Harry Sylvester Bird
- Author: Chinelo Okparanta
- Language: English
- Genre: Fiction
- Publisher: Mariner Books
- Publication date: July 12, 2022
- Publication place: Nigeria
- ISBN: 0-358-61727-8

= Harry Sylvester Bird =

2022 novel by Chinelo Oparanta

Harry Sylvester Bird is a 2022 Novel by Chinelo Okparanta. The story is set in the future and provides commentary on racism. The book follows Harry, who leaves his hometown to move to New York City and starts a relationship with Maryam, who is from Nigeria. The book uses contains elements of satire, romance, and speculative fiction, beginning in 2016 and ending in 2026.

== Plot ==

Harry Sylvester Bird follows the journey of its character, Harry, as he navigates a childhood marked by the racist environment of his hometown, Edward, Pennsylvania, characterized by racism, xenophobia, and financial instability embodied by his parents, Wayne and Chevy. Desperate to escape this suffocating atmosphere, Harry moves to New York City, seeking a place where he can truly be himself.In the vibrant chaos of New York, Harry finds love and solace in Maryam, a Nigerian woman. However, their relationship becomes strained as Maryam begins to distance herself, prompting Harry to confront his own identity and the societal forces that have shaped him.

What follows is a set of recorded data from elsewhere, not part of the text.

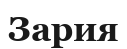
Зария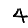
Digit: 4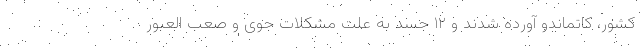
کشور، کاتماندو آورده شدند و ۱۲ جسد به علت مشکلات جوی و صعب العبور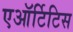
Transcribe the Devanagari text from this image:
एऑर्टिटिस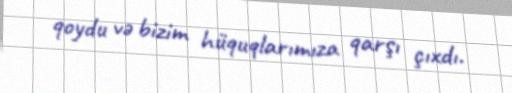
qoydu və bizim hüquqlarımıza qarşı çıxdı.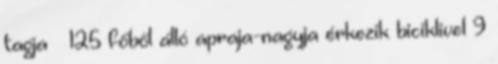
tagja – 125 főből álló apraja-nagyja érkezik biciklivel 9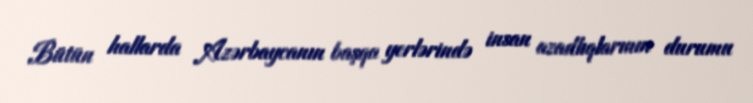
Bütün hallarda Azərbaycanın başqa yerlərində insan azadlıqlarının durumu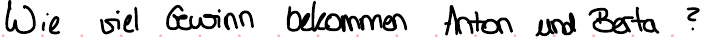
Wie viel Gewinn bekommen Anton und Berta?

Harry, a white man with a profound belief that he's imprisoned in the wrong racial identity and yearning to become black. Chinelo Okparanta weaves a rich description around Harry, exploring not only the fantasy driving his desires but also the painful reality animating them. The novel peels back the layers of racism, exposing its insidious presence in Harry's life and examining the deep-seated social dysfunction underlying his yearning for racial transformation.

The narrative opens with a satirical lens on Harry's troubled childhood, marked by parental neglect and racial prejudice. Set against the backdrop of a safari resort in Zanzibar, where Harry's family attempts to live out a colonial fantasy, the dysfunction within the family unit is starkly evident. As the story progresses to a struggling community in Philadelphia,economic collapse, mirroring the broader societal tensions in a politically divided United States on the brink of civil unrest. His romanticized notion of blackness becomes a distorted reflection of power and entitlement, echoing the dynamics of white supremacy.

== Characters ==

- Harry Sylvester Bird: The protagonist, a white man who believes he is meant to be black and grapples with his identity and desires.
- Harry's Parents (Wayne and Chevy): Wayne, Harry's father, is a disillusioned literature professor whose racist ideas shape the family dynamic. Chevy, Harry's mother, struggles with her own issues and exhibits coldness towards Harry.
- Maryam: A young Nigerian woman whom Harry meets and falls in love with in New York City. Their relationship forces Harry to confront his identity and desires.
- Supporting Characters (Town Residents, New York City Locals): Various characters encountered by Harry throughout the story, including residents of Edward, Pennsylvania, and individuals in New York City. They contribute to the exploration of societal tensions and racial dynamics.

== Themes ==

- Theme of Identity: At the heart of the novel is the theme of identity, particularly Harry's struggle with his own racial identity. He grapples with feeling trapped in the wrong body and yearns to become black, leading to a profound exploration of the complexities of racial identity and self-discovery.
- Theme of racism and Prejudice: The novel delves into the dark underbelly of racism and prejudice, examining how it manifests in both overt and subtle ways. From Harry's experiences of racial profiling and hatred in his hometown to his internalized racism and desire for racial metamorphosis, the story confronts the damaging effects of systemic racism on individuals and communities.
- Theme of desire and Obsession: Harry's desire to become black serves as a lens through which the novel explores themes of desire and obsession. His fixation on racial transformation reflects deeper insecurities and anxieties, leading to a destructive spiral of self-obsession and appropriation.
- Theme of family Dysfunction: The dysfunctional dynamics within Harry's family, characterized by parental neglect, verbal abuse, and racial prejudice, highlight the theme of family dysfunction. These relationships shape Harry's worldview and contribute to his internalized racism and desire for escape.
- Theme of love and Relationships: The novel also examines themes of love and relationships, particularly Harry's romantic relationship with Maryam. Their relationship forces Harry to confront his identity and desires, challenging him to reconcile his feelings with societal expectations and norms.